• Eric M Russell - Wednesday, February 14, 2018 7:17 AM

    aureolin - Friday, February 9, 2018 10:37 AM

    We're in the process of a data migration from one LOB tool to another over this weekend. Part of the migration is moving just under a terabyte's worth of documents from files on disk to blobs in a database (SQL 2014). The destination system is a locally hosted VM with enough disk space on one data "disk drive", but I'm looking for recommendations on how to architect the destination database. Considerations are ease of management, ease of taking backups, etc. FWIW, the individual files are generally small, many are one to two page .PDF files.
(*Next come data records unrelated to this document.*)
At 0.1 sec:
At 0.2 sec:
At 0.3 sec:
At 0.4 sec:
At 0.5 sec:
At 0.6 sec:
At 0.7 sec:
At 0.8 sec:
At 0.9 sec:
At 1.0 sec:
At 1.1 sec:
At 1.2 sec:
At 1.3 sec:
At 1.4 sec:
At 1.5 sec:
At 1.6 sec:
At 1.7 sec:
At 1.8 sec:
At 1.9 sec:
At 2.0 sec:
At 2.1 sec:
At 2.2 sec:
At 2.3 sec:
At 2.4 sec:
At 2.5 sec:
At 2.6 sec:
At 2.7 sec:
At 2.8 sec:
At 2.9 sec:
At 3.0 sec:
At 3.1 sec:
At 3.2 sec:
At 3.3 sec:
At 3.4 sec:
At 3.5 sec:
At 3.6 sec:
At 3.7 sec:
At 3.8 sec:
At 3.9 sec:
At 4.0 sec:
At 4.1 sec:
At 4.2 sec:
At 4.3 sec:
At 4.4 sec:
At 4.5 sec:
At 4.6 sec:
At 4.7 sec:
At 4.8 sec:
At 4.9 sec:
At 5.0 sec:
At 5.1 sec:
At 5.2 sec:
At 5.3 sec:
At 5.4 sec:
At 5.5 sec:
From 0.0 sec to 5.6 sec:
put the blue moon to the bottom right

Yes, I do know this is last minute, but this is my only chance to "get it right" from the start.

    Suggestions, comments, advice all welcome.

    Steve G.
    County of San Luis Obispo

    Why is it considered important to migrate the documents to a database?
    You're moving the documents from cheaper storage that is already optimized for files to more expensive database optimized storage, and all those BLOB pages will waste memory, data space, and transaction log space that could be put to better use for tables and indexing.
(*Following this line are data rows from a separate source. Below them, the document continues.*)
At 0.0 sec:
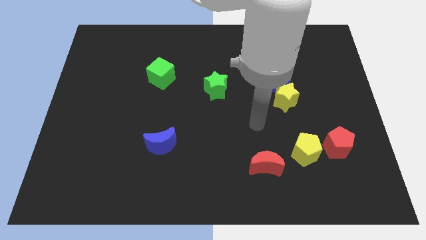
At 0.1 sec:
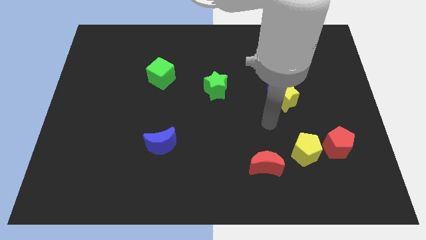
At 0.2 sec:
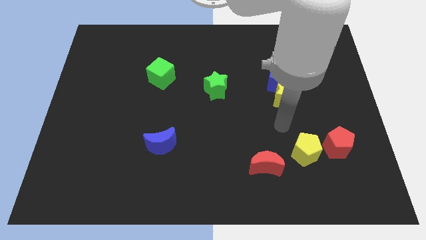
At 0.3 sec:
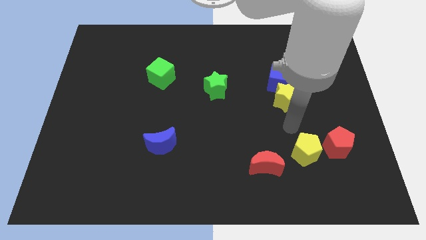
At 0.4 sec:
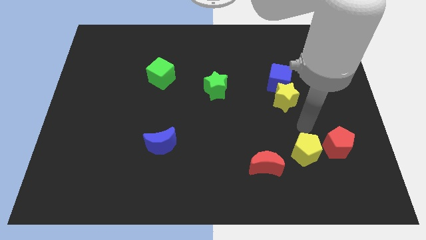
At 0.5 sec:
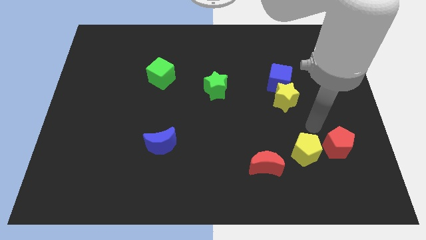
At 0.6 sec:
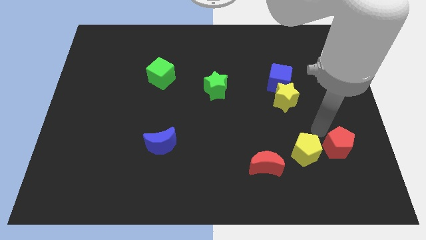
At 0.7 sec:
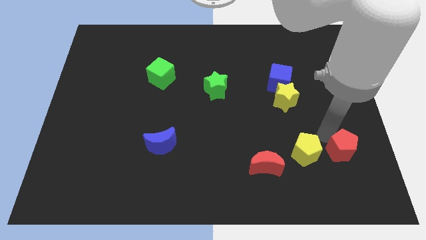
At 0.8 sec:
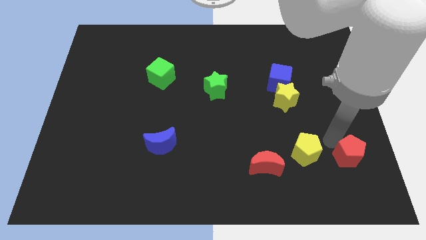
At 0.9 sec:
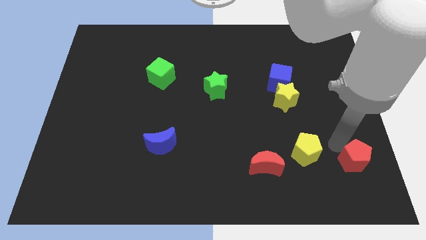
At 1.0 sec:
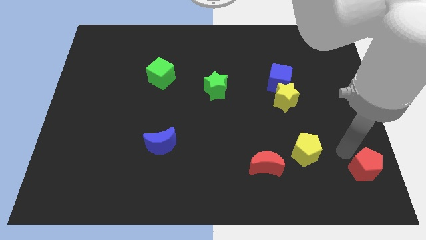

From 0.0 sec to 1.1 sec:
push the red pentagon to the bottom right of the board

    Backups.  Security.  Audit.

    To expand slightly on this,
    Backups.
        we had a similar situation where we had x million critical documents held on a filestore.  Backups took, due to the sheer number of documents, 4+ days.  Recovery Point of this type of document, meaning a potential loss of a week's worth of data, certainly caught the attention of the board when this was explained.  Log backups every 5 minutes made them rather happier.

    Security.
        adding effective security to a filestore of this size and complexity is rather more challenging than controlling access to a database storage system.  If your document store contains any personally identifiable or commercially sensitive information you absolutely have to make sure access to this information is effectively controlled.  No excuses.

    Audit.
        as above.  If all this stuff is dumped on a disk, where's your audit trail?  Who changed what, and when, and why?  Who searched documents (and this is clearly easier in a properly structured database than a data jumble sale), for people, by what criteria.  Who viewed data? 

    In the new system the 25 million + documents are fully secured.  All activity; creation, position in document lifecycle, reads, updates are logged.  Documents are immutable - if you make a change, even changing just the date from the 12th to the 11th, both versions, with history are stored - no idea how you'd do this on a shared drive and effectively control it auditably - which is actually critical in many situations and legally required in a hell of a lot.  Partitioning of the documents by date also makes management easier, particularly as the database grows.  Hitting the limit on your partition on a single SAN location could prove a maintenance nightmare in terms of storage and potential app changes if not very, very carefully planned up front.  I can put my partitions wherever I want as long as I tell SQL Server.  The app is obviously totally blind to that.

    I'm a DBA.
    I'm not paid to solve problems. I'm paid to prevent them.